Given.  I am beginning to think that flames on lists like tcp-ip are
out-of-date and that I should never flame on a list with an audience
as large and diverse as this list.  This reply is an effort to douse
the flame and sound like a reasonable person.
	
	The issue of accounting becomes more significant as the
	services rendered become less research/experimental and more
	like commodities.  Telephone services such as the Federal
	Telephone System run by the GSA are cost-allocated in
	accordance with usage and one doesn't find it odd to pay for
	telephone calls on the basis of time and distance.
	
Well, distance is an historical rationale for charging.  I subscribed
at one time to Satellite Business Systems' long-distance service.
They charged a rate that was distance insensitive, arguing that since
it was satellite service, distance was not a true cost basis.  On the
other hand, time is still an obvious resource in a switched circuit
network.  There is no technical reason to do it one way or the other.
You pick a method that your customers and auditors will find
acceptable.  My basic argument is that chargeback is isolated from
network technology, except as used in arguments of equitability and
fairness. 

	The parameters for packet nets may be different than for
	telephone voice service (maybe no distance charges). The
	important thing for the parties involved is to be able to
	demonstrate that there is a reasonable sharing of costs.  One
	attractive thing about basing charges on usage is that as
	total usage goes up, it may be possible to make capital
	investments to increase capacity in a way that doesn't
	specifically require that all parties make an agreement to
	acquire more equipment - the service provider can buy it on
	the basis of increased usage and spread the cost in a
	reasonably equitable fashion.

Equity seems to be a key concept here.  Of course, equity depends on
the perception of those involved and implies that the rationale is
understandable and "natural".  The idea of using ramping usage charges
as a capitalization tool had not occurred to me; it is an idea with merit.
		

	From haverty@CCV.BBN.COM Sun Apr 17 18:55:17 1988
	Vint et al,
	In addition to these 'engineering' kinds of decisions, the
	network must make 'marketing' decisions.  For example, it
	might price a new service "unfairly" low, in order to
	encourage clients to upgrade (maybe mail should be cheaper if
	one uses the full domain server system?).  There are also
	costs associated with "marketing", such as advertising (NIC
	management bulletins?)
	
	As far as charging algorithms go, that is the province of the
	hypothetical marketing department - how do I price my product.
	In the context of the current mail discussion, I think it is
	best to assume that somehow all of the costs must be recovered
	by charges, including costs for investments for the future.
	The real question is how to use a pricing policy to encourage
	the desired behavior.

I think your point about looking at chargeback as a marketing issue is
particularly apropo.  I think that puts the best light on the subject.
Your argument begs the question, though, of "Will the charges from my
external network vendor [the Internet] unduly constrict or restrict my
ability to implement my own internal chargeback policy?"  It should not.

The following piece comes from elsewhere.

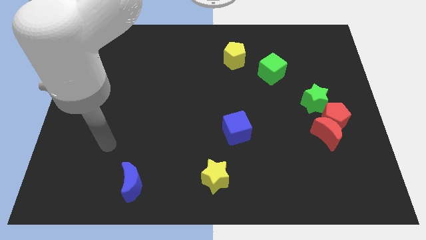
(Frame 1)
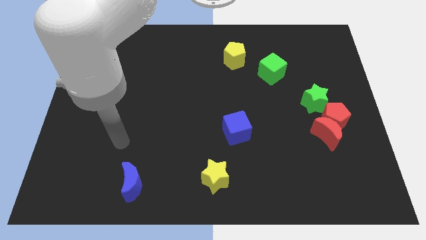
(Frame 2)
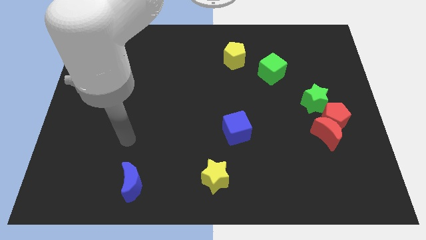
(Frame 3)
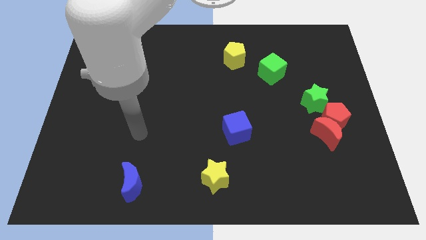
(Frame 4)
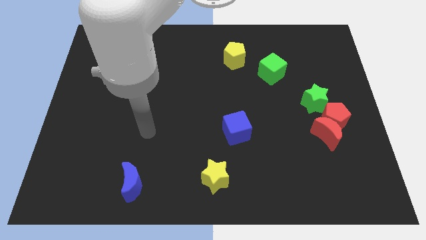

There is a difference, in my thinking, between the actual installation
and recurring cost structure of something like a LAN and an artificial
recovery model like a per-packet charge.  Actual costs to install and
maintain a LAN are fixed on a per-network and per-node basis rather
than a per-packet basis.  Of course, you can use either model to
recover cost, but my point is that per-network, per-node is more
natural and much easier to administer.  I argue that the bean-counters
should not be allowed to extend an improper model to LAN cost
recovery.  We should try to get them to accept another model, by
arguing in their own financial or marketing terms.  This assumes that
we stay ahead of user bandwidth need and that there is always
sufficient (I would recommend excessive) amounts of bandwidth, so that
the question of scarce resources is not involved in the LAN model.  If
your Ethernet backbone is limited, go to FDDI, but don't adopt a new
and restrictive cost model just to get through a temporary phase of
technology transition.  Is this whole issue of chargeback merely a
temporary phase?  Once we have "unlimited" bandwidth again, will the
arguments for chargeback evaporate or will we be left with an obsolete
legacy to overcome when wide area networks are as open as today's
local area networks?  Don't hamstring the technology of tomorrow with
an inadequate policy today.  Another way to put this is to say, let's
decouple the WAN chargeback from the LAN chargeback issue.  Both costs
need recovery, but with different models.
	
	From: bzs@BU-CS.BU.EDU (Barry Shein)
	At the very least it would be interesting to hear what the
	goals are that people expect to accomplish with their proposed
	chargeback models, it's nice to have explicit goals and see if
	the models actually achieve them.
---------------------------------------------------
	
Seems we have some goals already:

	o  complete cost recovery
	o  simple recovery formula
	o  "natural" and "understandable" algorithm for cost recovery
	o  equitable allocation of costs across our client base
	o  capital recovery/generation for investment in new technology
	o  decoupling between WAN cost recovery model and LAN cost
	   recovery model


I hope this helps forward the discussion.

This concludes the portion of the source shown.